The Whitsun Weddings by Philip Larkin
It’s not often that I’ll pick up a poetry anthology and read it cover to cover, I prefer to dip in and out of collections over the course of weeks, months, years even. But Faber and Faber’s poetry paperbacks are perfectly aesthetically pleasing for reading on the go – a poem at the bus stop, over your sandwich at lunchtime, in the doctor’s waiting room. If you find yourself dozing off after a page or two at bedtime, poetry is perfect. Read it out loud, slowly, two or three times over, focus on the lines that speak to you, the words that feel good on your tongue, sound nice to the ear.
“Home is so sad. It stays as it was left, Shaped to the comfort of the last to go As if to win them back. Instead, bereft Of anyone to please, it withers so, Having no heart to put aside the theft And turn again to what it started as, A joyous shot at how things ought to be, Long fallen wide. You can see how it was: Look at the pictures, and the cutlery. The music in the piano stool. That vase.”
A whole poem, though it might not seem it with the line breaks removed. But read as a paragraph it paints a picture, tells a story, stirs up something inside. Home is so Sad, Talking in Bed, The Whitsun Weddings, these poems spin greater stories in just a few lines than some writers can tell in 200 pages, partly that’s the beauty of Philip Larkin but also it’s just good poetry. It’s what I turn to first when I’m struggling to write, Larkin’s poems in particular – he captures moments so charged with feeling, they’re the greatest writing prompts you could ask for, their history is there waiting to be unraveled.

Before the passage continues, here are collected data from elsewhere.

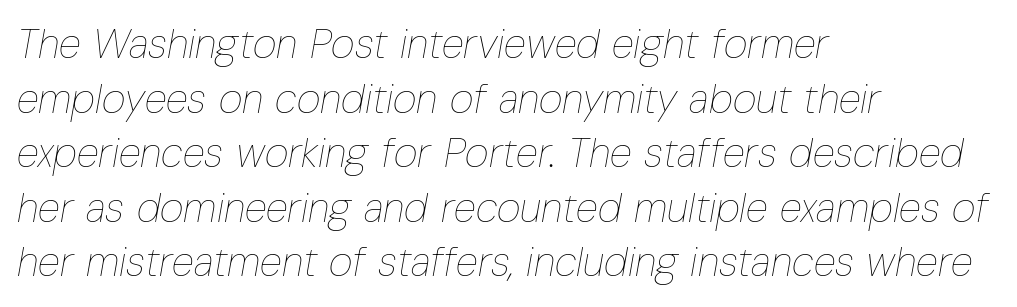
Is there much room between lines? A standard amount, neither cramped nor airy. The gap between lines stays unmarked. Students, note that the glyphs here touch the page at normal intervals. Caption: multi-line text, flush left, ragged right.
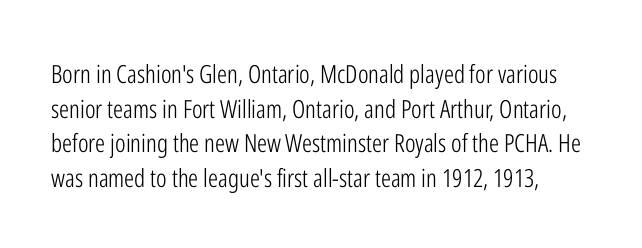
Every character sits straight up, as roman type does. Spacing between characters is what you'd get straight out of the box. Stems and bowls with no extra thickness — not bold. Evenly set lines give the paragraph a standard silhouette.
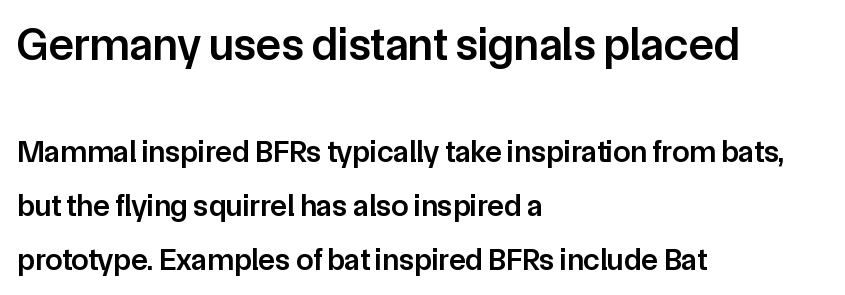
Q: Is the text bold? A: Semi-bold.
Q: Is the text italic (slanted)? A: No, it is upright.
Q: Is the typeface a serif or a sans-serif typeface? A: Sans-serif.
Q: Is the text underlined? A: No.
Q: How is the paragraph aligned? A: Left-aligned.
Q: Is the spacing between letters normal or unusually wide? A: Normal.
Q: Which block of text is set in a larger size, the first (top) or the second (bottom)? A: The first (top) one.
Q: Width (condensed, normal, or wide)? A: Normal.
Q: Stroke contrast? A: Low.
Q: x-height? A: Medium.
Q: Monospaced? A: No.

A Song for Issy Bradley by Carys Bray
Phew. This was a Shared Reading group book, every line read aloud slowly and deliberately in weekly sessions over the course of eight months. Part of the brilliance of Shared Reading opposed to a book club is that you can’t skim over anything, you don’t forget to mention the little things or the seemingly trivial. Nothing in a novel should be trivial, and reading slowly and with such purpose in a group provides the space for those conversations to unfold – questions are asked, different points of view are shared – and this book is the perfect read for that. I’ve seen Carys Bray talk before so I knew a little about the heartache this book had grown from, usually in Shared Reading we avoid the author, but with this book it was difficult. From the offset group members could feel the personal experience in it, they could sense that closeness, and if anything knowing the reality of the story, the loss of a child, made it more compelling.

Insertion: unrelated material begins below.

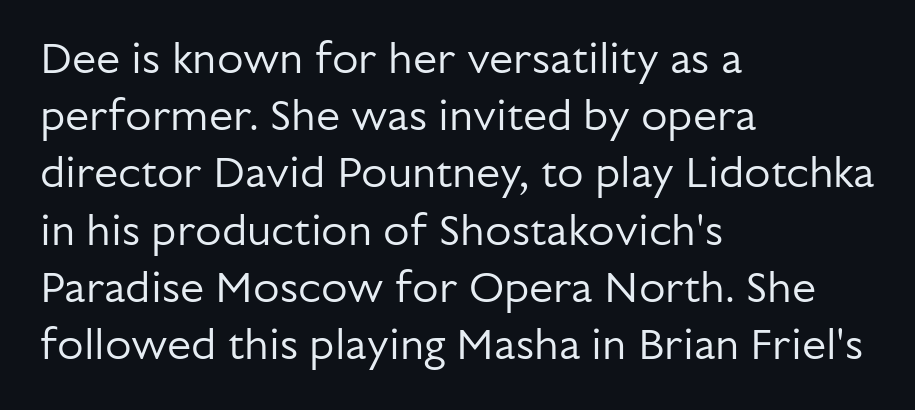
The image shows 43 px regular-weight sans-serif type, upright; set left-aligned, normal line spacing (1.33x), normal letter spacing, not underlined; low stroke contrast and a medium x-height.

There were moments throughout this book where we really struggled – we were reading it slowly, but Bray was also telling it slowly, the reader is meant to feel the struggle of grief, the time it consumes, the way that life can stand still for one person yet carry on regardless. And life happened regardless of what we were reading, during the months we were reading A Song for Issy Bradley, we heard the news of two elderly group members passing, another suffered a close family bereavement, we felt this book deeply and personally, as everyone must. But just like life, there were also moments of real humour, we giggled and triumphed in the sarcastic backhands of the teenage Alma. We grieved and pitied and sometimes didn’t quite know what to say as we stepped inside the unfamiliar customs of an unfamiliar religion (Mormonism) and watched a family in crisis.
“Anyone can be brave for five minutes or an hour or two. The bravery no one talks about is the hardest bravery of all. When you get up in the morning even though you’d rather be dead, that’s brave.”